I replaced the 32.768kHz crystal marked with S3238E with a new one (32.768kHz, 12.5pF) however although the system is less sensitive to the crystal not being warm, it still has the same issues. The only difference is that the crystal now also stops functioning when it gets hot enough… (>65C)
Since the 25 years between this device got manufactured I assume a bunch has changed in the world of crystals and maybe its original crystal has a higher load capacitance.
The circuit being used is as follows:
The MCU in question is an MC68HC05E1 which the datasheet can be found for over here: https://www.nxp.com/docs/en/data-sheet/HC05E1GRS.pdf
- What would the Load Capacitance of the crystal be like?

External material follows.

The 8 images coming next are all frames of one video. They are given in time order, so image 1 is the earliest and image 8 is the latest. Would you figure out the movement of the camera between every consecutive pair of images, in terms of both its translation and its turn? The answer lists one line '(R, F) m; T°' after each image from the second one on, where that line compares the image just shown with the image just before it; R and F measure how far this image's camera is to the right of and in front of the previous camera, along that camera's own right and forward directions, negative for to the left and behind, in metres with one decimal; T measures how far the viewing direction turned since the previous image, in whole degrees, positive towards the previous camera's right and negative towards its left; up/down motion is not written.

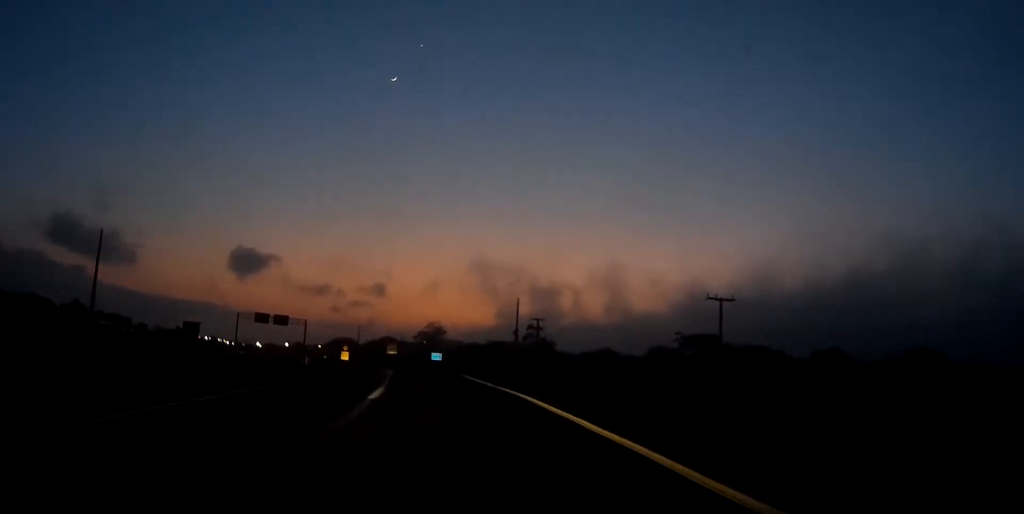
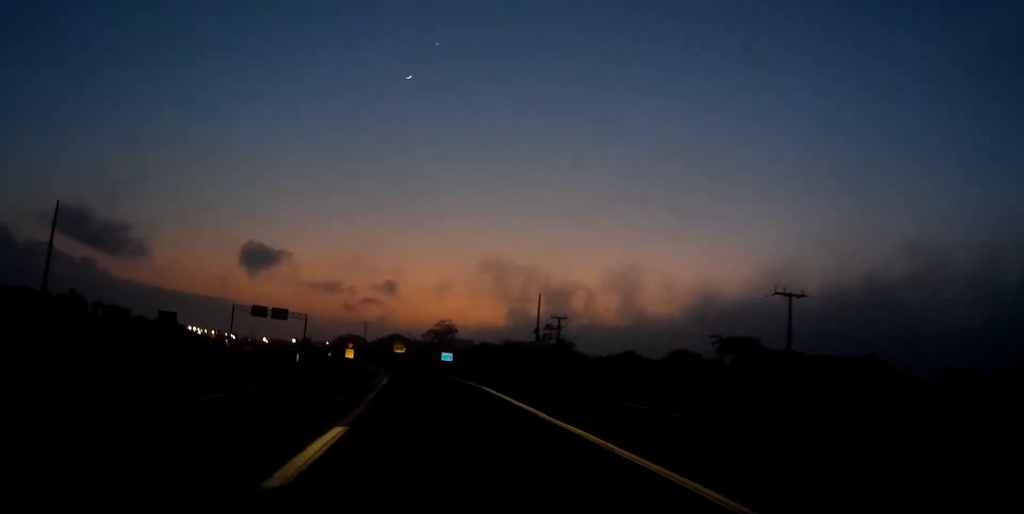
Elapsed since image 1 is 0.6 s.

- What does it tell about the circuit when a crystal will only work at
a certain temperature?
Best Answer
The effective capacitance on a crystal is the series equivalent of the attached capacitances. The \$330\mathrm{k}\Omega\$ resistor isolates the crystal from the chip's output pin, so the effective capacitance is 33pF in series with the parallel combination of the 10pF cap and the microprocessor input pin. So the 10pF cap plus another 10pF of parasitic capacitance would get you to 12.5pF -- 10pF sounds high, but not unreasonable, to me.

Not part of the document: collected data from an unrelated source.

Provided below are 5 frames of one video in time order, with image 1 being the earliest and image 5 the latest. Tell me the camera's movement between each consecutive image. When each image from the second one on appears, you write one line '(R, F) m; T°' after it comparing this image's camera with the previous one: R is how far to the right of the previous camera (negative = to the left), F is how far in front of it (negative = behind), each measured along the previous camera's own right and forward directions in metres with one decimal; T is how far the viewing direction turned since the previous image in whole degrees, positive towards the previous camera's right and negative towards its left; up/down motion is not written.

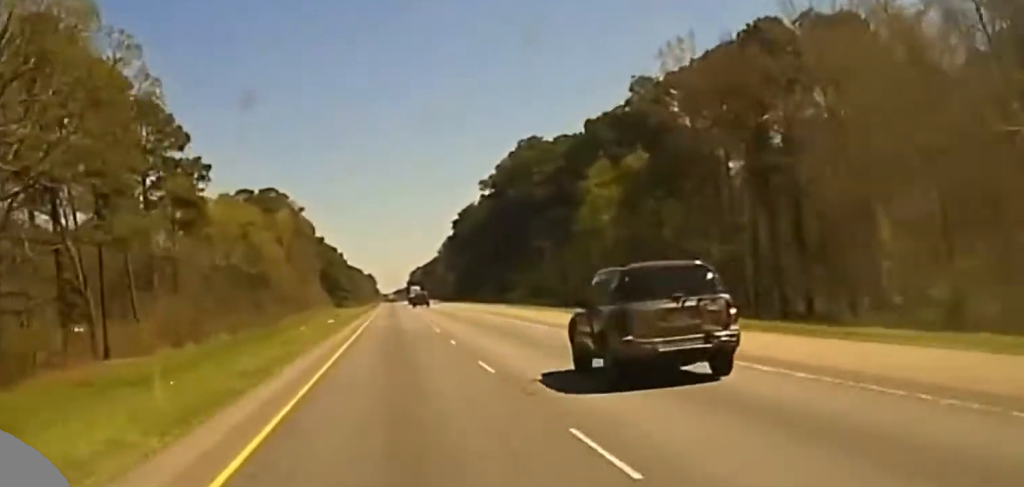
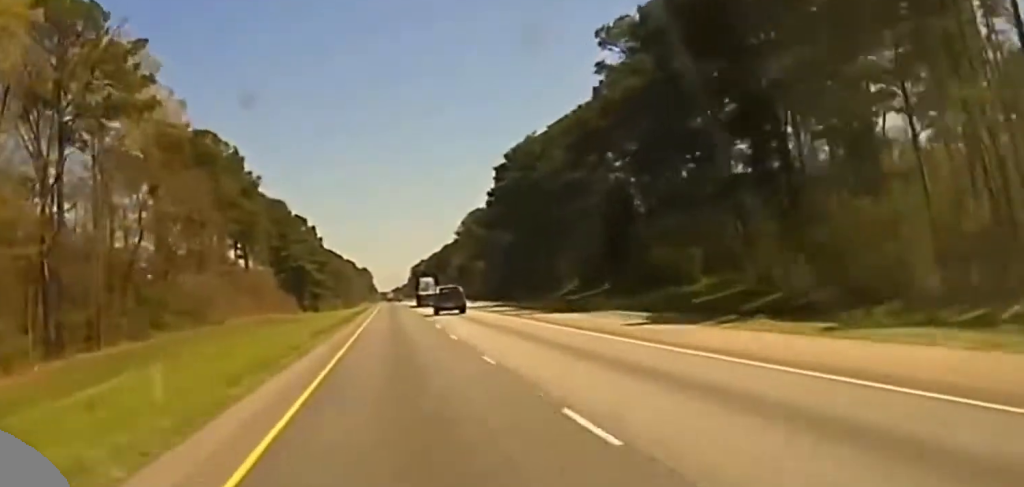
(+0.2, +125.0) m; 0°
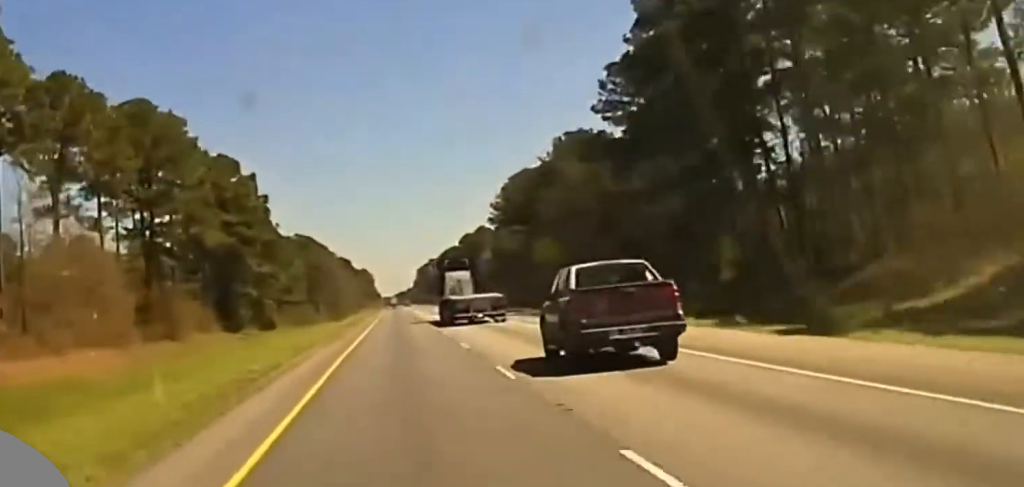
(+0.3, +97.7) m; 0°
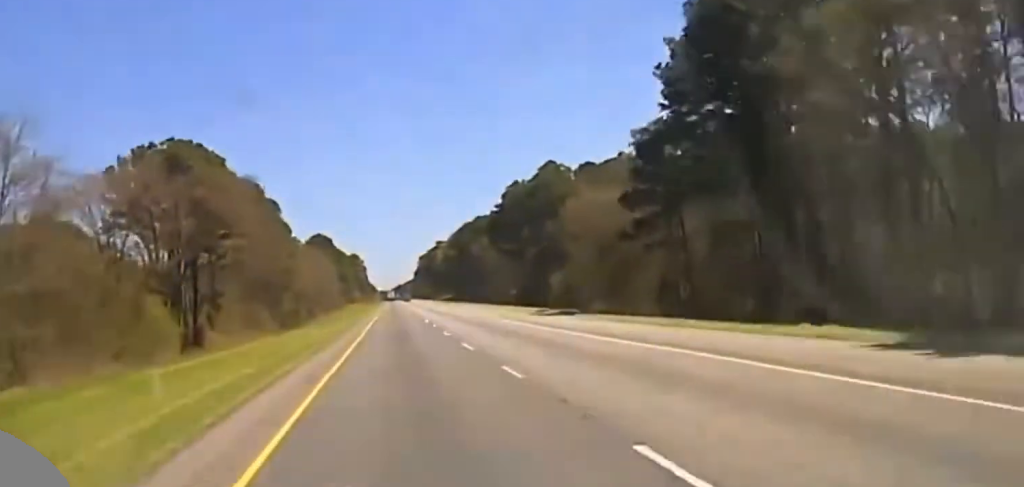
(+0.2, +129.7) m; 0°
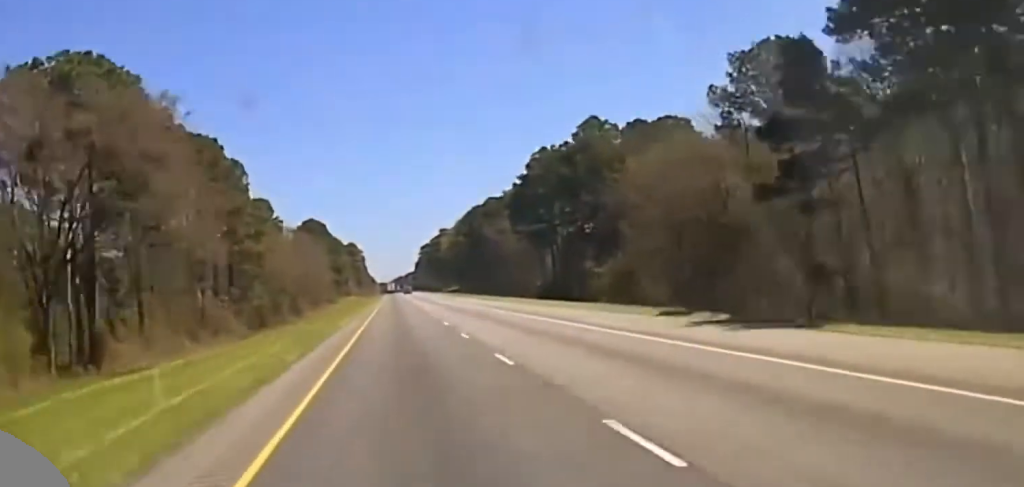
(0.0, +35.3) m; 0°

But I suspect that a better question to ask would be the broader one of "why is this oscillator not oscillating", and the answer would be "either your board or your micro has aged" (Since you seem to have eliminated the crystal as a suspect). You do need the \$330\mathrm{k}\Omega\$ resistor there to reduce the drive to the crystal, but you might be able to reduce the resistance for greater drive (I wouldn't go below \$100\mathrm{k}\Omega\$, but that's a pure guess on my part).